I dati Regione per Regione. Ma lo sanno al Corriere della Sera cosa prevede lo Statuto siciliano per IRPEF e IVA? 

L’articolo punta a dimostrare, come si legge nel titolo, che le Regioni a Statuto speciale sarebbero privilegiate e che il resto d’Italia pagherebbe il costo di questi privilegi. Si tratta – questo almeno è il nostro sommesso giudizio – di una semplificazione che mette insieme storie completamente diverse. Ma su questo punto non vogliano entrare, dal momento che noi guardiamo a questo articolo dall’angolo visuale della Sicilia. L’articolo sostiene che il “punto sostanziale” delle Autonomia è la possibilità data alle Regioni a Statuto speciale di trattenere le imposte. “La Valle d’Aosta – leggiamo sempre nell’articolo – si tiene il 100% di Irpef, Ires (imposta per le società), Iva e accise sui carburanti; le Province autonome di Trento e Bolzano il 90% e l’80% di Iva; il Friuli-Venezia Giulia il 59% e il 30% delle accise; la Sicilia il 71% dell’Irpef, il 100% dell’Ires e il 36% di Iva; e la Sardegna il 70% su tutto e il 90% di Iva. Con questi soldi si pagano: sanità, assistenza sociale, trasporti e viabilità locali (che però si pagano in proprio anche Regioni come Lombardia, Toscana e Lazio), manutenzione del territorio, infrastrutture per l’attrazione turistica.
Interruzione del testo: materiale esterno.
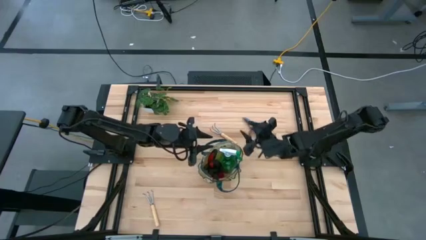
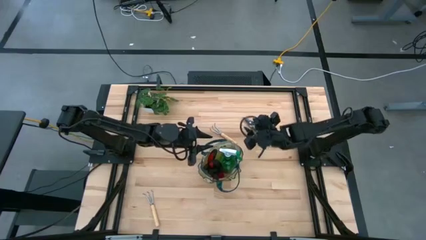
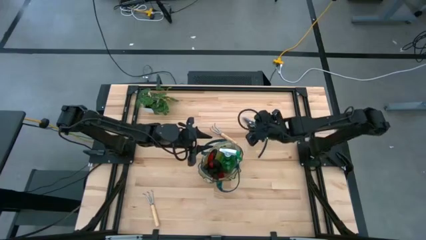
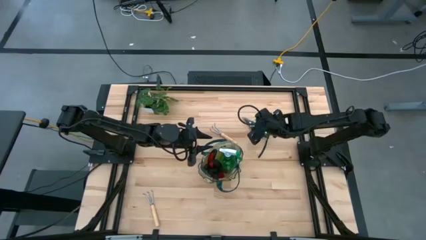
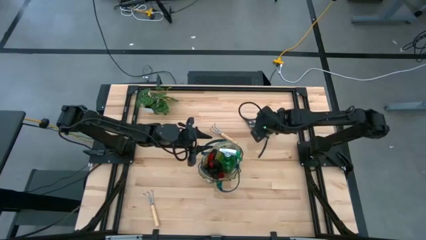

La Valle d’Aosta e le due province del Trentino si finanziano anche l’istruzione, ovvero gli stipendi degli insegnanti”. Per completezza d’informazione va detto che lo Statuto siciliano prevede che la Regione siciliana trattenga il 100% dell’IRPEF e il 100% dell’IVA. Ma lo sanno questo al Corriere della Sera? E dire che qualche siciliano, in questo giornale, ci dovrebbe essere stato e ci dovrebbe essere ancora.

 

L’imbroglio dello Stato italiano sulle norme di attuazione dell’articolo 36 dello Statuto siciliano

In realtà, già a partire dai primi anni ’60 del secolo passato, grazie anche a una classe politica siciliana di ascari, lo Stato ha cominciato a trattenere abusivamente una parte dell’IRPEF e poi una parte dell’IVA che spetta alla Sicilia. Nel 2016, sapendo che tutto questo era fuori legge, il Parlamento nazionale e il Parlamento siciliano – entrambi a maggioranza di centrosinistra e con il silenzio-assenso del centrodestra – hanno modificato le norme di attuazione dell’articolo 36 dello Statuto e hanno stabilito, per l’appunto, che la Regione siciliana avrebbe trattenuto il 71% di IRPEF invece del 100% e il 36% di IVA invece del 100%. La politica italiana – ribadiamo, con la connivenza della politica siciliana, dal centrosinistra al centrodestra, fino ai grillini, che nel 2016 contavano 14 deputati nel Parlamento della nostra Isola – ha di fatto in parte vanificato un articolo cardine dello Statuto siciliano. E che il centrodestra sia anche responsabile dello scippo ai danni di 5 milioni di siciliani in ordine all’articolo 36 dello Statuto lo dimostra il fatto che l’accordo infame sull’IVA è stato avallato, nel Gennaio del 2018, dal Governo siciliano di Nello Musumeci. A firmare questo accordo il Governo dell’isola mandò l’allora assessore regionale alle Infrastrutture, Marco Falcone, oggi ‘premiato’ con l’incarico di assessore regionale all’Economia. Anche il 100% dell’IRES incassato dalla Sicilia fa un po’ sorridere: l’imposta per le società – cioè l’IRES – che finisce nelle ‘casse’ della Regione siciliana equivale a quella della Provincia di Bolzano! Di più: dell’IRES siciliana non è stato mai applicato il maturato! Questi sono i fatti.

 

Chissà perché gli amici della Lombardia non ricordano mai quanto pagano ogni anno per “il risanamento dei conti pubblici” italiani…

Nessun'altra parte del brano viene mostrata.